I still have a big feature to do and that is UI navigation using all the input devices — keyboard, mouse and controller. I want these done in a way that I can easily modularize, yet keep concrete pipeline that my scripts can implement. Basically, I don’t want to wire every button tab and custom element I create with every potential input. I just want them to be automatically navigatable — clickable, selectable with arrows, controller. And while Unity partially provides such navigation, I need it in layers — not navigating tab pages while I am in the page. And I also need the system to pass any input not already processed by navigation to my actual controls/panel/element. Basically, Unity UI cannot do this without me writing more spaghetti than I already have for all of this.

First of all, I need a script that I can place on every button, tab or navigatable element:

In short, this script receives events from player’s input – up, down, left, right, submit, cancel. I then process it myself, based on what the navigator wants. If it doesn’t do anything, then my own elements are given the input.

I immediately added a sprite swapper since buttons and tabs already had it, just not via this navigation framework. I’ll use it as before, selecting sprites when the element is highlighted or activated. In fact, I decided I need both sprites and I swapped the ones I have around — orange for player’s navigation and lighter blue for whatever selected is there.

The idea is that I can navigate UI within “groups”, like this:

Green arrows transition between the selected group. Orange array is entering/exiting the group. So I can browse tabs, then enter into the tab and browse items, then exit tab.

First thing, I am adding logic selection for when any navigation direction is selected, such as left/right arrows:

I am also adding overflow logic for things like “next” and “previous” in hierarchy, so they can swap around the list.

And this makes the tabs nicely navigate left/right:

Before I totally lose where all my navigators are, I decided to add little icons in hierarchy showing which object have them:

Now I need to actually wire a callback to the panel to tell it to switch tabs:

I previously did it with my QuickTab logic, but that’s getting axed with the new navigation system. I can now keep track of selected elements automatically and receive events when needed.

I add this script to prefabs, so then I override the needed value in actual panels, such as main menu panels wanting navigation:

And this also works nicely.

Now, more complicated stuff — groups and more intricate layouts. First, I need all navigators to know what “layer” they belong to. This way, the navigation can always start on top and then go into lower layers.

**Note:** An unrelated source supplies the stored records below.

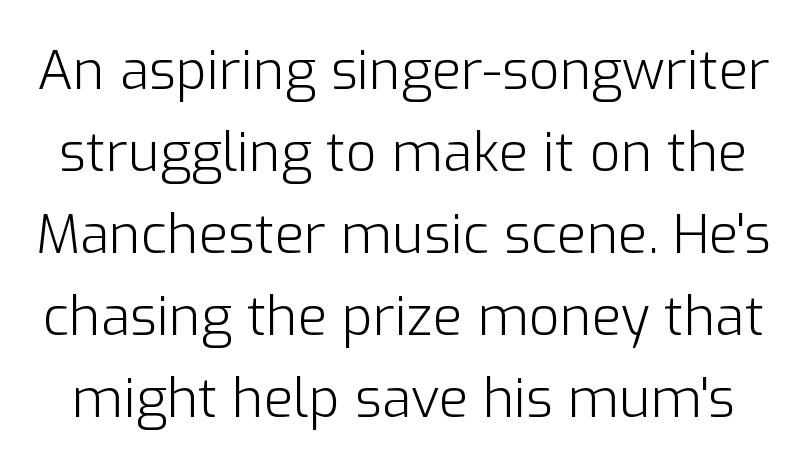
Q: Is the text bold? A: No.
Q: Is the text italic (slanted)? A: No, it is upright.
Q: Is the typeface a serif or a sans-serif typeface? A: Sans-serif.
Q: Is the text underlined? A: No.
Q: Is the spacing between letters normal or unusually wide? A: Normal.
Q: Is the spacing between lines tight, normal or loose? A: Normal.
Q: Width (condensed, normal, or wide)? A: Normal.
Q: Stroke contrast? A: Low.
Q: x-height? A: Medium.
Q: Monospaced? A: No.
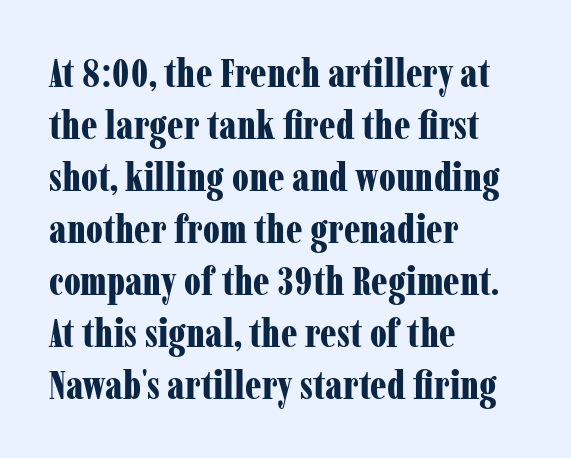
A typesetter would label this face a serif. Typographic density is high because the face is bold. Successive baselines arrive at the customary interval. A roman cut, with each character standing at attention. Each letter keeps its own natural width here, so spacing adapts to shape.
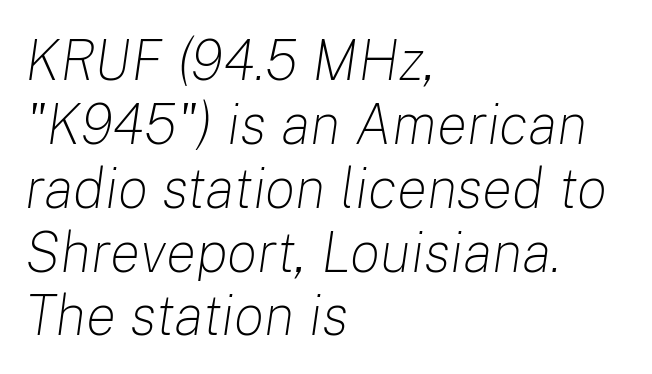
Q: Is the text bold? A: No.
Q: Is the text italic (slanted)? A: Yes, it leans right by about 8 degrees.
Q: Is the text underlined? A: No.
Q: How is the paragraph aligned? A: Left-aligned.
Q: Is the spacing between letters normal or unusually wide? A: Normal.
Q: Is the spacing between lines tight, normal or loose? A: Tight.
Q: Width (condensed, normal, or wide)? A: Normal.
Q: Stroke contrast? A: Low.
Q: x-height? A: Medium.
Q: Monospaced? A: No.
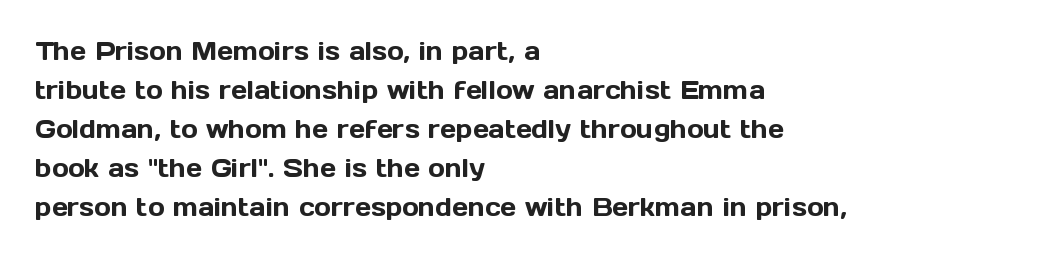
Q: Is the text italic (slanted)? A: No, it is upright.
Q: Is the text underlined? A: No.
Q: How is the paragraph aligned? A: Left-aligned.
Q: Is the spacing between letters normal or unusually wide? A: Normal.
Q: Is the spacing between lines tight, normal or loose? A: Normal.
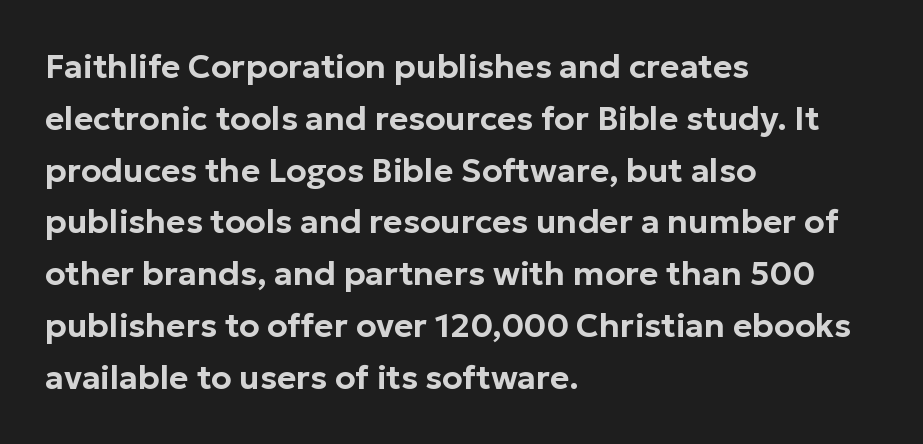
{"serif": "no", "italic": "no", "width": "normal", "stroke_contrast": "low", "x_height": "medium", "monospaced": "no", "underline": "no", "align": "left", "line_spacing": "normal", "line_spacing_ratio": 1.57, "letter_spacing": "normal", "letter_spacing_em": 0.0, "glyph_px": 33}
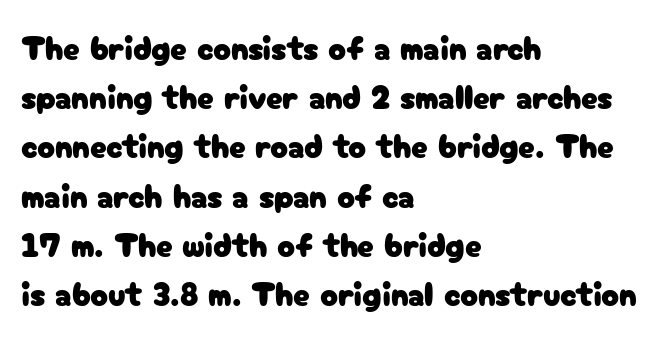
The passage shown has conventional tracking throughout. Varying glyph widths throughout — classic text-font behaviour. Posture: vertical. Vertical spacing — default. Nothing sits at the stroke ends, so this counts as sans-serif. This rendering features lettering with no underline.
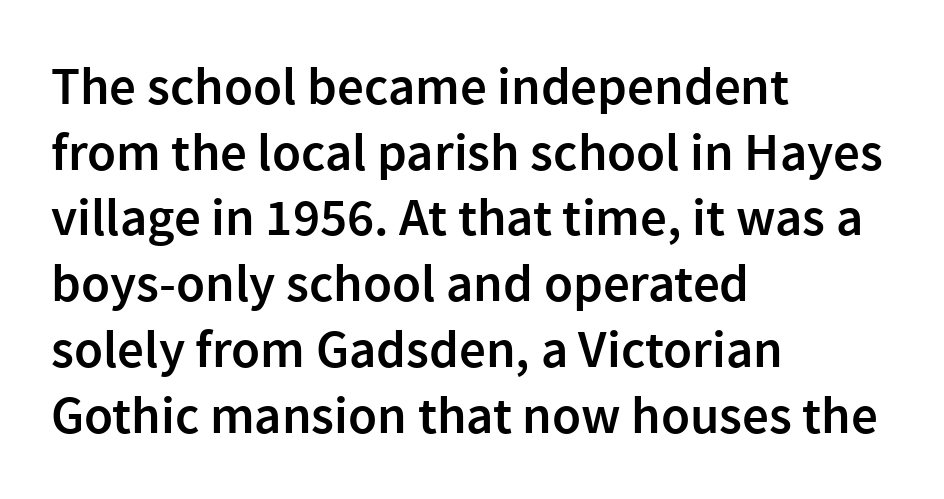
The image shows 53 px semibold sans-serif type, upright; set left-aligned, line spacing 1.24x, normal letter spacing, not underlined; a medium x-height.
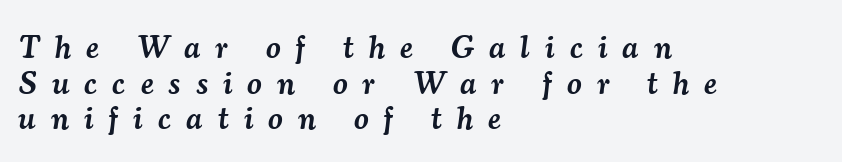
Someone cranked the tracking dial way up on this one. Each glyph is drawn with semibold strokes, heavier than normal yet not fully bold. Alignment: flush left. Compared with typical paragraphs, the rows here are closer together.
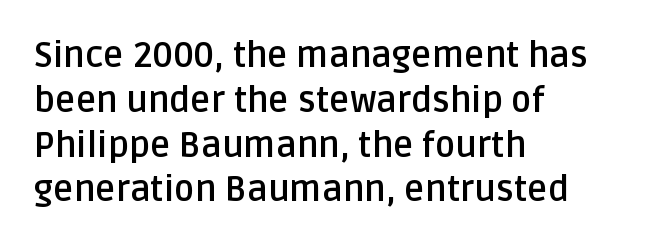
Does the weight exceed regular? Yes, all the way to bold. The letters advance in unequal steps, a hallmark of proportional type. Check the space under the baseline: it is left empty. All the whitespace from short lines collects on the right. Examine the stroke ends and you'll find no serifs.
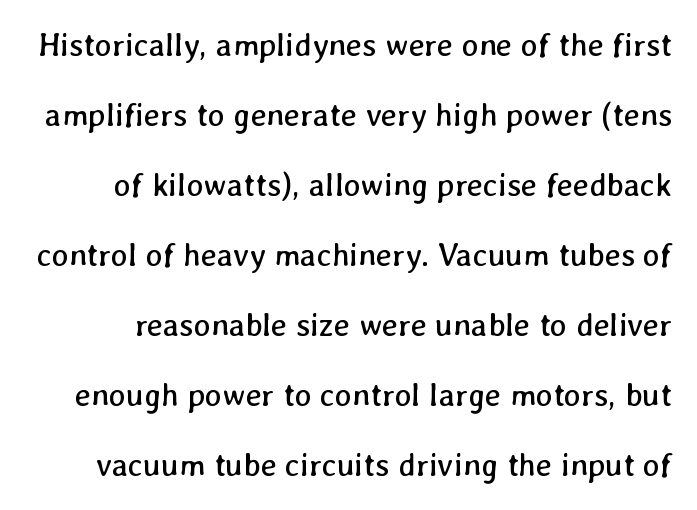
The image shows 32 px regular-weight type; set loose line spacing (2.19x), normal letter spacing, not underlined; low stroke contrast and a medium x-height.
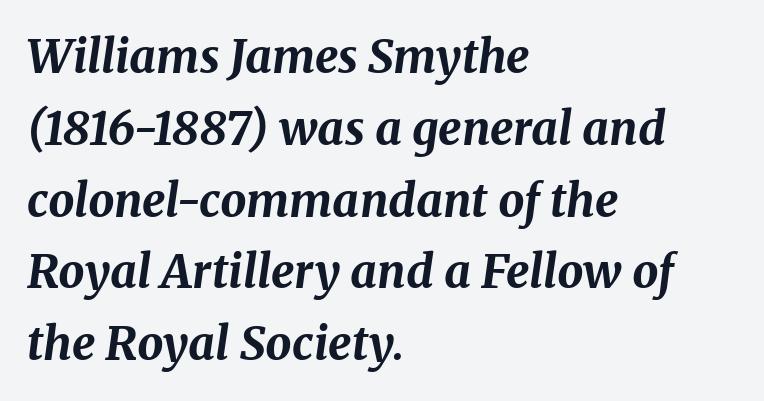
Is the type bold? Yes — the strokes are clearly thick and heavy. The text carries the slant typical of an italic or oblique font. Is there much room between lines? A standard amount, neither cramped nor airy. The face used here is proportionally spaced, like ordinary book or web type. Nothing unusual about the tracking: characters are spaced as the font intends.

As I am making more options, I also extended the icons to actually show what is happening with arrows, including layers:

Firstly, I need a way to react to player’s submit input and go into the next layer. I call it “descend”:

If I am browsing my player info panel’s tabs, this would send the navigation into the current tab.

Since I am also using actuation for other needs, I am adding a callback:

That way I can wire buttons, such as pause or main menu panel buttons, to react to player’s input:

In the same vein, player’s cancel input would “ascend” to the previous level:

Now I can add navigation scripts to all my navigatable elements, like the player loadout panel (which I spent way too long hard-coding) navigation rules:

And it works nicely, respecting the layers:

I can move between slots, between items, and actuate any item to equip. All the highlighting and selecting happens automatically. The only thing I really do is listen to callbacks and highlight the equipped item.

Of course, none of this was quite as easy. There were a lot of issues and debugging. For example, the items may be in the lowest layer, but there are items in each lowest layer. So I have to keep track of which layer has which element selected, otherwise I end up with weirdness like this:

I have to deselect any elements that I navigate away from in every layer, but I have to do this only for layer before. I cannot automatically find the elements either, because they may or may not be in the same hierarchy. In short, there’s a lot to consider. And I’m sure I could have done much of better.

So far, all of this was done with button navigation. That’s easy on the whole layer logic as I explicitly go up and down levels. However, I am also making every navigatable element respond to a direct mouse click. This mean the navigation has to handle any element suddenly being selected, no matter where in hierarchy and layer it is.

Just to illustrate some other bugs that happen when the logic isn’t complete (and why it takes so long to do). Here’s clicking a button directly in a panel — leaves the tab visually selected:

Here’s clicking another tab while “being” in the previous tab — doesn’t deselect clear sibling highlight:

Here’s clicking away from tab and then back in, but the old in-tab selection is still highlighted:

Et cetera.

Also, I don’t actually want clicking element to necessarily actuate them. For example, it’s great for buttons and tabs. But stuff like equipment slots or keybinding entries should get equipped and poll for input just when clicked once. Second click when selected: sure. So I need a flag for this:

At this point, most of my existing panels pretty much work with the new system. There are a few places, like the goals panel, where the navigation is extra complicated. I will likely need to cover this in a separate post when I update the actual UI for it. For now, I think I have spent quite a lot of time on this and it’s certainly a “task done”. I will be getting back to UI soonish. But I might need a break from UI for a bit.